Problem to solve
Write back every entry exactly as it reads, with the pictures left behind.

Records for the task
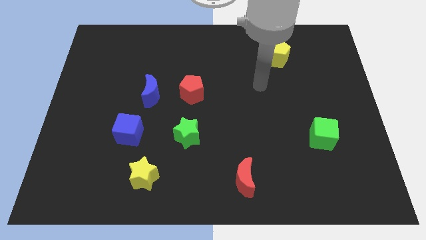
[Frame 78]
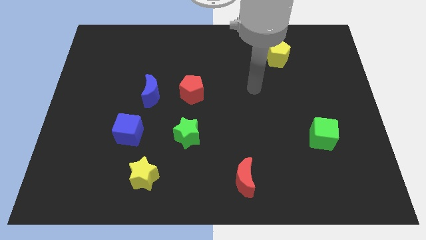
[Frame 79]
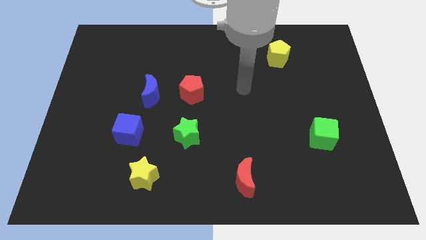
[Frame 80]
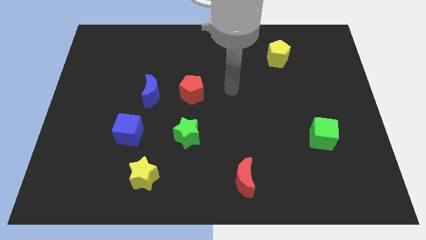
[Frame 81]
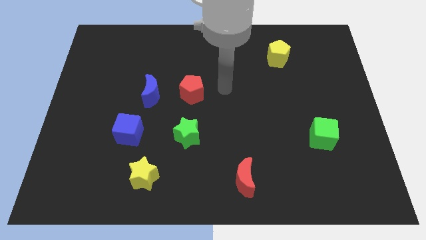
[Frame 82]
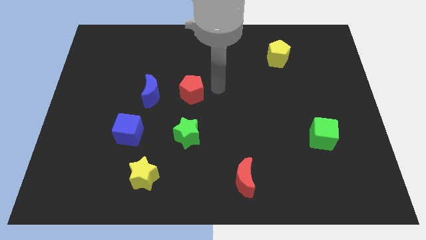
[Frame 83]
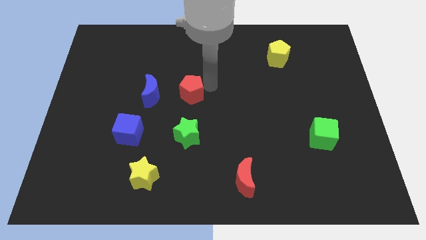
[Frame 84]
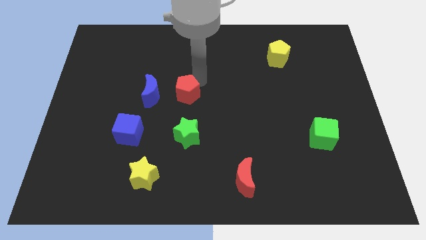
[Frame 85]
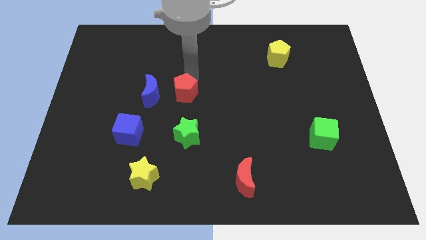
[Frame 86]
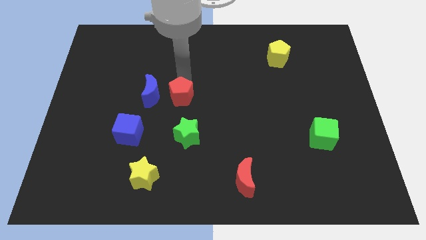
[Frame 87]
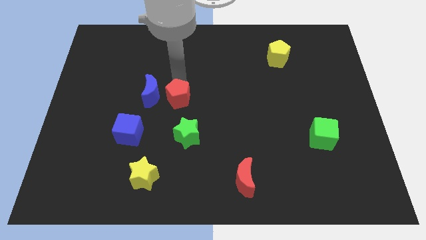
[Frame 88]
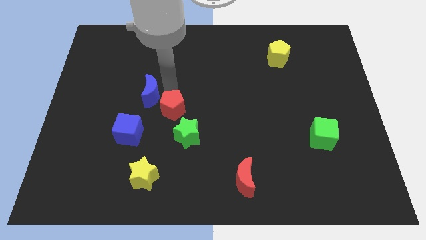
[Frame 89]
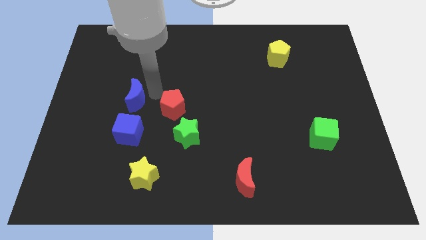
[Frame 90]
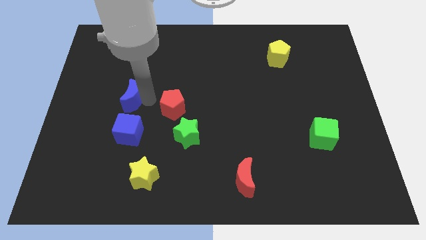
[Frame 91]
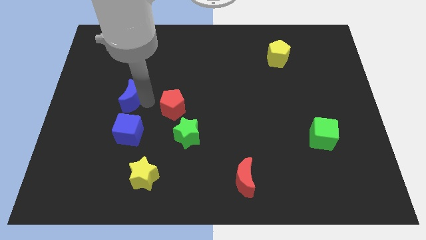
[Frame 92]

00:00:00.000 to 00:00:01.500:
move the red pentagon away from the blue moon

Response
[Frame 78]
[Frame 79]
[Frame 80]
[Frame 81]
[Frame 82]
[Frame 83]
[Frame 84]
[Frame 85]
[Frame 86]
[Frame 87]
[Frame 88]
[Frame 89]
[Frame 90]
[Frame 91]
[Frame 92]

00:00:00.000 to 00:00:01.500:
move the red pentagon away from the blue moon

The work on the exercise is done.